When I called our regular vet (whom I had met only once) to
make a follow-up appointment for Rudy, the receptionist asked,
"Is this the famous Rudy's mother?" When I took my car
in for routine maintenance a few days later, Dave, my mechanic,
said, "We read about your cat. Is he OK?" When I called
a tree surgeon about my dying red oak, he asked if I knew the
person on that street whose cat had been in the garbage disposal.
And when I went to get my hair cut, the shampoo person told me the
funny story her grandma had read in the paper, about a cat that
got stuck in the garbage disposal.
Even today, over a year later, people ask about Rudy, which a
9-year-old neighbor had always called "the Adventure
Cat" because he used to climb on the roof of her house and
peer in the second-story window at her. I don't know what the
moral of this story is, but I do know that this
"adventure" cost me $1,100 in emergency vet bills,
follow-up vet care, new sink, new plumbing, new electrical wiring,
and new garbage disposal-one with a cover. The vet can no longer
say he's seen everything but the kitchen sink.
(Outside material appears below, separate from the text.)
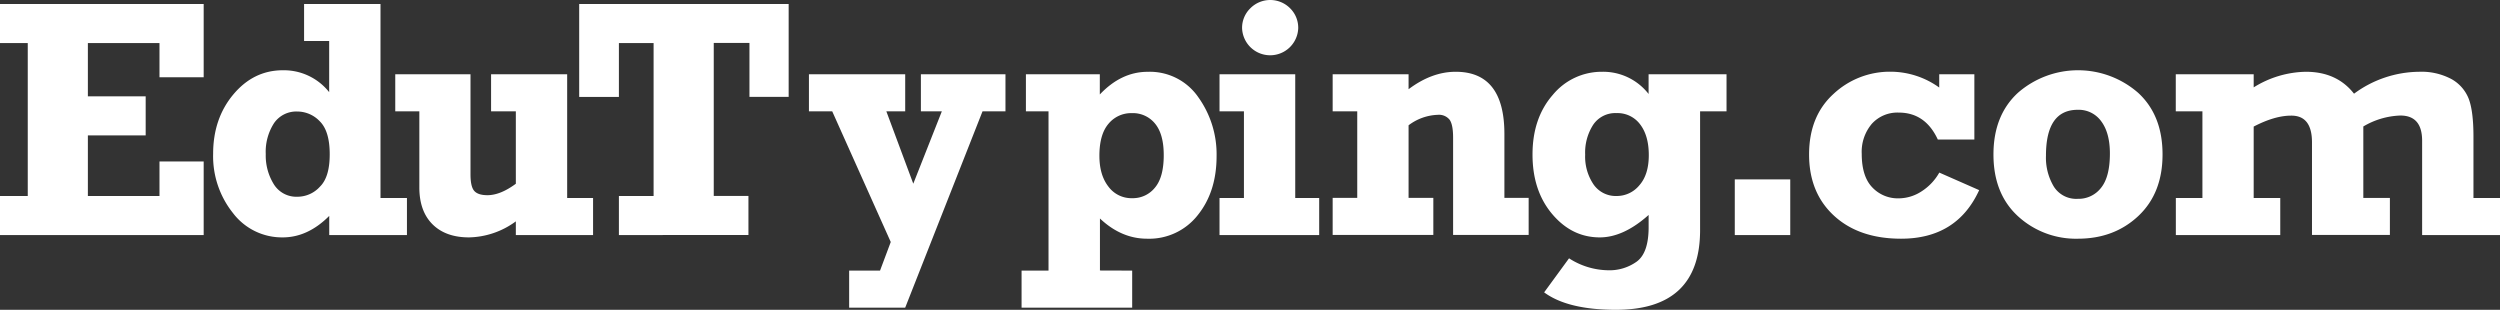<svg id="Layer_1" data-name="Layer 1" xmlns="http://www.w3.org/2000/svg" viewBox="0 0 742.24 91.97"><rect x="0" y="0" width="742.24" height="91.97" fill="#333333" stroke="none"/><defs><style>.cls-1{fill:#fff;}</style></defs><path class="cls-1" d="M23.25,324.24V312.65h8.24V267.23H23.25V255.64H83.72v21.75H70.6V267.23H49.34v15.83H66.5v11.59H49.34v18H70.6V302.39H83.72v21.85Z" transform="translate(-23.25 -254.45)"/><path class="cls-1" d="M144.07,313.24v11H121v-5.69q-6.36,6.38-13.81,6.38a18.25,18.25,0,0,1-14.79-7.25,27,27,0,0,1-5.87-17.56q0-10.46,6-17.63t14.69-7.18a17.16,17.16,0,0,1,13.76,6.5V266.63h-7.45v-11h22.69v57.6Zm-22.93-13q0-6.86-2.94-9.77a9.22,9.22,0,0,0-6.68-2.91,8,8,0,0,0-6.93,3.48,15.67,15.67,0,0,0-2.44,9.15,16.14,16.14,0,0,0,2.42,9,7.86,7.86,0,0,0,7,3.67,9,9,0,0,0,6.68-3Q121.15,307,121.14,300.27Z" transform="translate(-23.25 -254.45)"/><path class="cls-1" d="M199.33,313.24v11H176.4v-4.07a24.18,24.18,0,0,1-13.9,4.76q-6.92,0-10.83-3.88t-3.92-10.94V287.5H140.6v-11h22.34v29.74c0,2.36.36,4,1.08,4.85s2,1.31,3.95,1.31q3.84,0,8.43-3.4V287.5h-7.35v-11h22.59v36.74Z" transform="translate(-23.25 -254.45)"/><path class="cls-1" d="M207,324.24V312.65h10.3V267.23H207v16H195.21V255.64H257.4V283.2H245.76v-16h-10.6v45.42h10.3v11.59Z" transform="translate(-23.25 -254.45)"/><path class="cls-1" d="M275.36,345.79v-11h9.17l3.18-8.49-17.38-38.8h-6.91v-11H292v11H286.4l8,21.49,8.48-21.49h-6.22v-11h25.11v11h-6.81L292,345.79Z" transform="translate(-23.25 -254.45)"/><path class="cls-1" d="M359.39,334.79v11H326.55v-11h8V287.5h-6.71v-11h21.94v6q6.38-6.74,14.21-6.73A17.46,17.46,0,0,1,379,283.28a29.1,29.1,0,0,1,5.45,17.53q0,10.6-5.63,17.56a18.31,18.31,0,0,1-15,6.95q-7.65,0-14-6v15.44Zm9.37-34.28q0-6.25-2.59-9.37a8.44,8.44,0,0,0-6.83-3.1,8.72,8.72,0,0,0-7,3.18q-2.69,3.18-2.68,9.49c0,3.78.88,6.82,2.66,9.12a8.49,8.49,0,0,0,7.1,3.46,8.39,8.39,0,0,0,6.71-3.11Q368.76,307.08,368.76,300.51Z" transform="translate(-23.25 -254.45)"/><path class="cls-1" d="M385.32,287.5v-11H407.8v36.74h7.11v11H385.32v-11h7.25V287.5Zm6.7-24.69a8.08,8.08,0,0,1,2.45-5.9,8.32,8.32,0,0,1,11.81,0,8.12,8.12,0,0,1,2.41,5.9,8.34,8.34,0,0,1-16.67,0Z" transform="translate(-23.25 -254.45)"/><path class="cls-1" d="M418.91,287.5v-11h22.54v4.44q6.9-5.19,14-5.18,14.44,0,14.45,18.44v19h7.2v11H454.67v-28.9c0-2.6-.36-4.38-1.06-5.33a4.06,4.06,0,0,0-3.48-1.43,15.17,15.17,0,0,0-8.68,3.11v21.55h7.35v11H418.91v-11h7.3V287.5Z" transform="translate(-23.25 -254.45)"/><path class="cls-1" d="M535.85,276.5v11H528v35.29q0,23.64-25,23.64-14.29,0-21.3-5.18l7.39-10.11a21.92,21.92,0,0,0,11.59,3.55,13.85,13.85,0,0,0,8.56-2.61q3.48-2.62,3.48-10.16v-3.65q-7.46,6.66-14.5,6.66-8.28,0-14.13-6.93t-5.84-17.68q0-10.8,6-17.68a18.79,18.79,0,0,1,14.7-6.88,17.09,17.09,0,0,1,13.76,6.59V276.5Zm-23.08,24q0-5.76-2.57-9.12a8.35,8.35,0,0,0-7-3.35,7.9,7.9,0,0,0-6.93,3.45,15.21,15.21,0,0,0-2.39,8.88,14.71,14.71,0,0,0,2.49,8.85,8,8,0,0,0,6.83,3.43,8.67,8.67,0,0,0,6.78-3.19Q512.77,306.28,512.77,300.51Z" transform="translate(-23.25 -254.45)"/><path class="cls-1" d="M538.3,324.24V307.71h16.47v16.53Z" transform="translate(-23.25 -254.45)"/><path class="cls-1" d="M609.43,276.5v19.38H598.58q-3.71-8-11.59-8a10.21,10.21,0,0,0-8,3.33,12.84,12.84,0,0,0-3,8.9q0,6.75,3.16,10a10.4,10.4,0,0,0,7.74,3.23,12.52,12.52,0,0,0,6.9-2.1,15.83,15.83,0,0,0,5.23-5.55l11.84,5.21q-6.61,14.42-23.18,14.42-12.48,0-19.9-6.81t-7.42-18.19q0-11.4,7.27-18a24.46,24.46,0,0,1,16.94-6.58A24.77,24.77,0,0,1,599,280.44V276.5Z" transform="translate(-23.25 -254.45)"/><path class="cls-1" d="M640.2,325.32a25.42,25.42,0,0,1-17.83-6.68q-7.27-6.69-7.27-18.32T622.37,282a27.13,27.13,0,0,1,35.68,0q7.26,6.67,7.25,18.32,0,11.49-7.17,18.24T640.2,325.32Zm-.05-11.84a8.43,8.43,0,0,0,6.88-3.25q2.64-3.25,2.64-10.21c0-4.07-.86-7.26-2.56-9.54a8.22,8.22,0,0,0-7-3.43q-9.42,0-9.42,13.61a16.66,16.66,0,0,0,2.34,9.2A7.87,7.87,0,0,0,640.15,313.48Z" transform="translate(-23.25 -254.45)"/><path class="cls-1" d="M669.23,287.5v-11h23.13v3.89a30.1,30.1,0,0,1,15.49-4.63q9.21,0,14.3,6.51a32.92,32.92,0,0,1,19.28-6.51,18.94,18.94,0,0,1,9.69,2.19,11.46,11.46,0,0,1,5.11,5.9q1.38,3.69,1.38,11.19v18.2h7.89v11H742.37v-28q0-7.49-6.46-7.49a23,23,0,0,0-11,3.25v21.21h7.89v11H709.67V296.72q0-8-6.21-7.94c-3.23,0-6.92,1.08-11.1,3.25v21.21h7.89v11h-31v-11h7.89V287.5Z" transform="translate(-23.25 -254.45)"/></svg>

I wanted to thank Officers Tom and Mike by giving them gift
certificates to the local hardware store, but was told that they
couldn't accept gifts, and that I would put them in a bad position
if I tried. So I wrote a letter to the Police Chief praising their
good deeds and sent individual thank you notes to Tom and Mike,
complete with pictures of Rudy, so they could see what he looks
like with his head on.
And Rudy, whom we originally got for free (or so we thought),
still sleeps with me under the covers on cold nights, and,
unaccountably, still sometimes prowls the sink, hoping for fish.